Uma
conversa dirigida aos proprietários de pequenas
e médias empresas, usando uma linguagem clara e
simples sobre a administração de um negócio
e os inúmeros problemas que somos obrigados a enfrentar
quando estamos na direção de uma pequena
empresa. A falta de capital, os problemas financeiros,
as dívidas, os protestos, a falta de caixa, a falta
de recursos para investimentos, um mundo de problemas que,
se não forem equacionados de maneira adequada não
deixarão outra alternativa a não ser o encerramento
da atividade ou, o que é mais atemorizante, a falência.
São problemas que milhares de empresas brasileiras
enfrentam todos os dias, deixando inúmeros trabalhadores
desempregados e trazendo evidentes prejuízos à economia
do país.

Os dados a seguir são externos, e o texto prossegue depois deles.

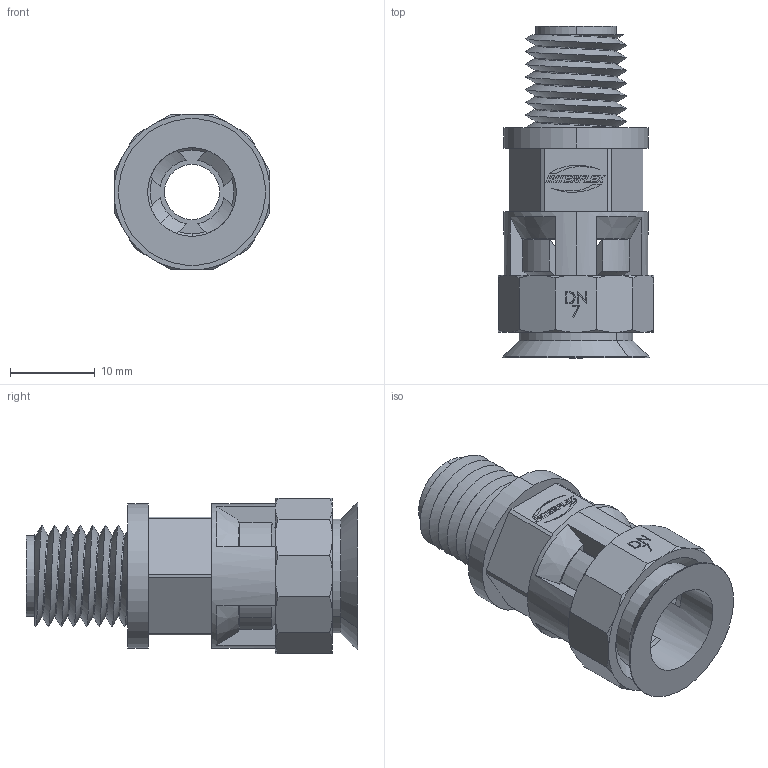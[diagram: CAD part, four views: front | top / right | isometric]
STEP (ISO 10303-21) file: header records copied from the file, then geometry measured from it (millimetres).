
FILE_DESCRIPTION (( 'STEP AP203' ), '1' );
FILE_NAME ('I3040_0001_01_0_MIR-07M12G.STEP', '2010-07-16T05:56:32', ( 'Llorenç' ), ( '' ), 'SwSTEP 2.0', 'SolidWorks 2007', '' );
FILE_SCHEMA (( 'CONFIG_CONTROL_DESIGN' ));
Length unit declared in the file: millimetre
Products named in the file (3): I3040_0001_01_0_MIR-07M12G; I3041_0001_00_0_MIR-07M12; I3041_0000_00_0_Corona per DN07
Assembly tree (2 placements, depth 2):
  I3040_0001_01_0_MIR-07M12G
    I3041_0001_00_0_MIR-07M12
    I3041_0000_00_0_Corona per DN07
Bounding box: 18.35 x 39.12 x 18.35 mm (x, y, z)
Volume: 4178.9 mm3; surface area: 4720.6 mm2
Topology: 3 solids, 3 shells, 300 faces, 812 edges, 529 vertices
Faces by surface type: plane 178, cone 58, cylinder 48, bspline 16
Entity records: 12558 total; most frequent: CARTESIAN_POINT 4826, ORIENTED_EDGE 1624, DIRECTION 1434, EDGE_CURVE 812, VERTEX_POINT 529, VECTOR 522, LINE 522, AXIS2_PLACEMENT_3D 456
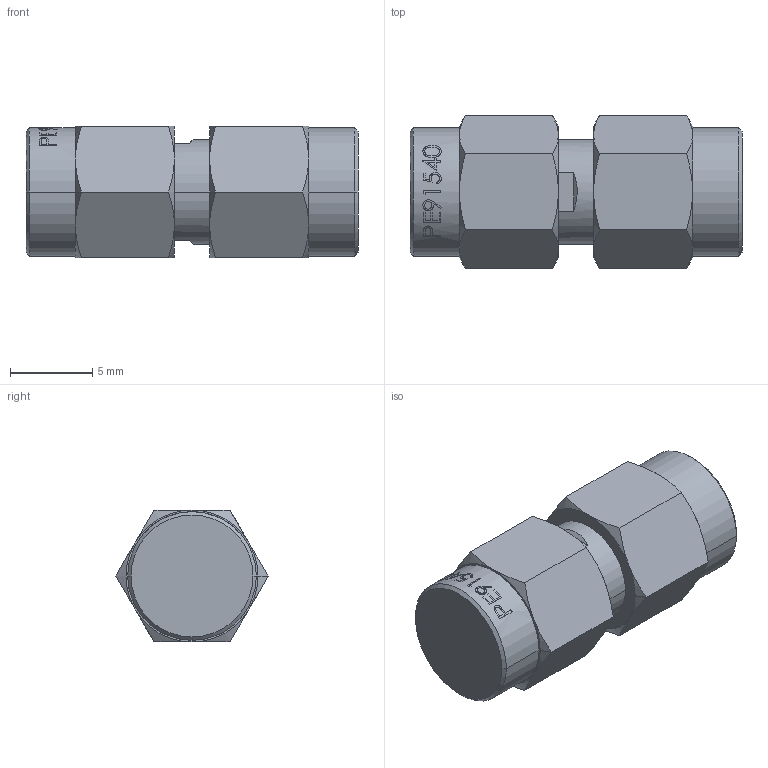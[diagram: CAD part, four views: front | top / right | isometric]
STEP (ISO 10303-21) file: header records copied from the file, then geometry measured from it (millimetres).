
FILE_DESCRIPTION (( 'STEP AP203' ), '1' );
FILE_NAME ('PE91540.STEP', '2021-05-05T11:43:21', ( '' ), ( '' ), 'SwSTEP 2.0', 'SolidWorks 2020', '' );
FILE_SCHEMA (( 'CONFIG_CONTROL_DESIGN' ));
Length unit declared in the file: millimetre
Products named in the file (1): PE91540
Bounding box: 20.14 x 9.24 x 8 mm (x, y, z)
Volume: 1014.9 mm3; surface area: 675.6 mm2
Topology: 1 solids, 1 shells, 158 faces, 387 edges, 246 vertices
Faces by surface type: plane 72, cone 34, bspline 32, cylinder 20
Entity records: 6420 total; most frequent: CARTESIAN_POINT 2892, ORIENTED_EDGE 774, DIRECTION 609, EDGE_CURVE 387, VERTEX_POINT 246, AXIS2_PLACEMENT_3D 227, EDGE_LOOP 173, ADVANCED_FACE 158
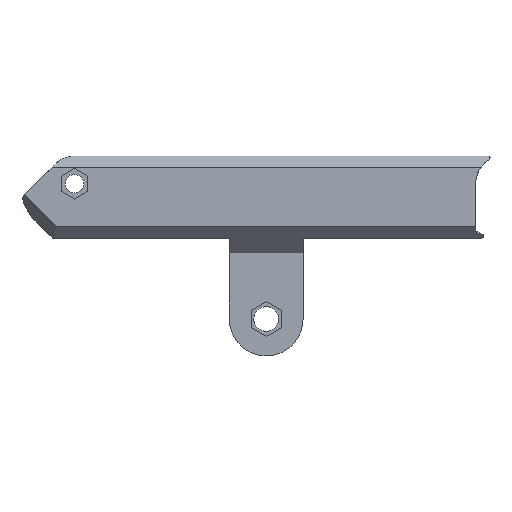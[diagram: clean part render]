
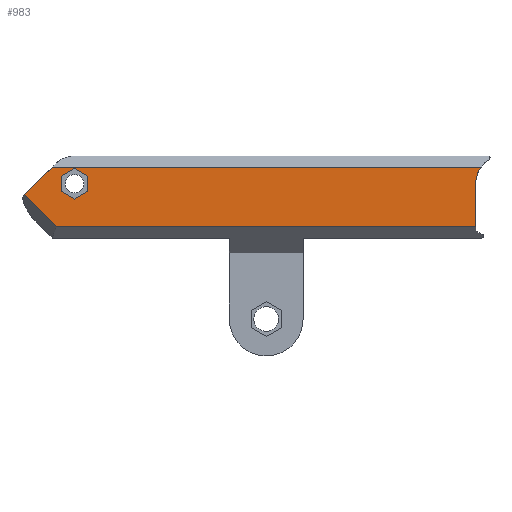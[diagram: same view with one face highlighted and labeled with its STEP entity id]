
A CAD part, front view. The second image highlights one B-rep face of the part: STEP entity #983.
In plain terms, the highlighted planar face has unit normal (0, -1, 0).
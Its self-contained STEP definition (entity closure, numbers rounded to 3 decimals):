
#45=FACE_BOUND('',#149,.T.);
#60=CIRCLE('',#1066,7.75);
#93=FACE_OUTER_BOUND('',#148,.T.);
#148=EDGE_LOOP('',(#757,#758,#759,#760,#761,#762));
#149=EDGE_LOOP('',(#763,#764,#765,#766,#767,#768));
#238=LINE('',#1551,#348);
#239=LINE('',#1554,#349);
#240=LINE('',#1556,#350);
#241=LINE('',#1558,#351);
#242=LINE('',#1559,#352);
#243=LINE('',#1562,#353);
#244=LINE('',#1564,#354);
#245=LINE('',#1566,#355);
#246=LINE('',#1568,#356);
#247=LINE('',#1570,#357);
#248=LINE('',#1571,#358);
#348=VECTOR('',#1258,10.);
#349=VECTOR('',#1261,10.);
#350=VECTOR('',#1262,10.);
#351=VECTOR('',#1263,10.);
#352=VECTOR('',#1264,10.);
#353=VECTOR('',#1265,10.);
#354=VECTOR('',#1266,10.);
#355=VECTOR('',#1267,10.);
#356=VECTOR('',#1268,10.);
#357=VECTOR('',#1269,10.);
#358=VECTOR('',#1270,10.);
#454=VERTEX_POINT('',#1537);
#455=VERTEX_POINT('',#1539);
#459=VERTEX_POINT('',#1549);
#460=VERTEX_POINT('',#1553);
#461=VERTEX_POINT('',#1555);
#462=VERTEX_POINT('',#1557);
#463=VERTEX_POINT('',#1560);
#464=VERTEX_POINT('',#1561);
#465=VERTEX_POINT('',#1563);
#466=VERTEX_POINT('',#1565);
#467=VERTEX_POINT('',#1567);
#468=VERTEX_POINT('',#1569);
#567=EDGE_CURVE('',#455,#454,#60,.T.);
#573=EDGE_CURVE('',#459,#454,#238,.T.);
#574=EDGE_CURVE('',#459,#460,#239,.T.);
#575=EDGE_CURVE('',#461,#460,#240,.T.);
#576=EDGE_CURVE('',#462,#461,#241,.T.);
#577=EDGE_CURVE('',#462,#455,#242,.T.);
#578=EDGE_CURVE('',#463,#464,#243,.T.);
#579=EDGE_CURVE('',#464,#465,#244,.T.);
#580=EDGE_CURVE('',#465,#466,#245,.T.);
#581=EDGE_CURVE('',#466,#467,#246,.T.);
#582=EDGE_CURVE('',#467,#468,#247,.T.);
#583=EDGE_CURVE('',#468,#463,#248,.T.);
#757=ORIENTED_EDGE('',*,*,#573,.F.);
#758=ORIENTED_EDGE('',*,*,#574,.T.);
#759=ORIENTED_EDGE('',*,*,#575,.F.);
#760=ORIENTED_EDGE('',*,*,#576,.F.);
#761=ORIENTED_EDGE('',*,*,#577,.T.);
#762=ORIENTED_EDGE('',*,*,#567,.T.);
#763=ORIENTED_EDGE('',*,*,#578,.T.);
#764=ORIENTED_EDGE('',*,*,#579,.T.);
#765=ORIENTED_EDGE('',*,*,#580,.T.);
#766=ORIENTED_EDGE('',*,*,#581,.T.);
#767=ORIENTED_EDGE('',*,*,#582,.T.);
#768=ORIENTED_EDGE('',*,*,#583,.T.);
#937=PLANE('',#1070);
#983=ADVANCED_FACE('',(#93,#45),#937,.T.);
#1066=AXIS2_PLACEMENT_3D('',#1540,#1247,#1248);
#1070=AXIS2_PLACEMENT_3D('',#1552,#1259,#1260);
#1247=DIRECTION('center_axis',(0.,1.,0.));
#1248=DIRECTION('ref_axis',(-0.252,0.,0.968));
#1258=DIRECTION('',(1.,0.,0.));
#1259=DIRECTION('center_axis',(0.,-1.,0.));
#1260=DIRECTION('ref_axis',(1.,0.,0.));
#1261=DIRECTION('',(-0.707,0.,-0.707));
#1262=DIRECTION('',(-0.707,0.,0.707));
#1263=DIRECTION('',(-1.,0.,0.));
#1264=DIRECTION('',(0.,0.,1.));
#1265=DIRECTION('',(0.,0.,-1.));
#1266=DIRECTION('',(-0.866,0.,-0.5));
#1267=DIRECTION('',(-0.866,0.,0.5));
#1268=DIRECTION('',(0.,0.,1.));
#1269=DIRECTION('',(0.866,0.,0.5));
#1270=DIRECTION('',(0.866,0.,-0.5));
#1537=CARTESIAN_POINT('',(-98.005,-5.,13.739));
#1539=CARTESIAN_POINT('',(-99.445,-5.,9.239));
#1540=CARTESIAN_POINT('Origin',(-91.695,-5.,9.239));
#1549=CARTESIAN_POINT('',(-214.412,-5.,13.739));
#1551=CARTESIAN_POINT('',(-181.821,-5.,13.739));
#1552=CARTESIAN_POINT('Origin',(-155.337,-5.,5.619));
#1553=CARTESIAN_POINT('',(-221.909,-5.,6.242));
#1554=CARTESIAN_POINT('',(-213.609,-5.,14.542));
#1555=CARTESIAN_POINT('',(-213.168,-5.,-2.5));
#1556=CARTESIAN_POINT('',(-200.301,-5.,-15.367));
#1557=CARTESIAN_POINT('',(-99.445,-5.,-2.5));
#1558=CARTESIAN_POINT('',(-124.879,-5.,-2.5));
#1559=CARTESIAN_POINT('',(-99.445,-5.,-3.591));
#1560=CARTESIAN_POINT('',(-204.705,-5.,11.317));
#1561=CARTESIAN_POINT('',(-204.705,-5.,7.16));
#1562=CARTESIAN_POINT('',(-204.705,-5.,7.16));
#1563=CARTESIAN_POINT('',(-208.305,-5.,5.082));
#1564=CARTESIAN_POINT('',(-208.305,-5.,5.082));
#1565=CARTESIAN_POINT('',(-211.905,-5.,7.16));
#1566=CARTESIAN_POINT('',(-211.905,-5.,7.16));
#1567=CARTESIAN_POINT('',(-211.905,-5.,11.317));
#1568=CARTESIAN_POINT('',(-211.905,-5.,11.317));
#1569=CARTESIAN_POINT('',(-208.305,-5.,13.396));
#1570=CARTESIAN_POINT('',(-208.305,-5.,13.396));
#1571=CARTESIAN_POINT('',(-204.705,-5.,11.317));

Além do fechamento de vários
postos de trabalho, acabam ficando as dívidas no
mercado, dívidas estas que refletem negativamente
nas outras pequenas e médias empresas, que deixam
de receber e também são comprometidas financeiramente.
A seqüência desses problemas em cadeia pode,
no final do processo, ocasionar o chamado efeito dominó.
Com
algum conhecimento em finanças já é possível
diminuir bastante as estatísticas e mudar o quadro
assustador que as pequenas empresas enfrentam nos dias
de hoje. Dessa forma, nosso principal objetivo é o
de passar um pouco do conhecimento adquirido nos 15 anos
como administrador e falar de maneira simples e sem rodeios,
pois os termos técnicos que são muito utilizados
nos livros sobre administração acabam dificultando
o entendimento do leitor e passando a imagem de que administração é uma
atividade muito complicada. Na verdade a boa administração é o
segredo de qualquer negócio.
Leia
alguns trechos do Livro:
Capítulo:
Nota do Autor
"Se
você comprou, é porque provavelmente
o título do livro chamou sua atenção.
Você pode até achar que é um título
forte, agressivo, criado por algum publicitário,
de acordo com as mais modernas técnicas de marketing,
com o objetivo de levá-lo a ter o impulso de pegá-lo
na prateleira, folheá-lo e, finalmente, comprá-lo.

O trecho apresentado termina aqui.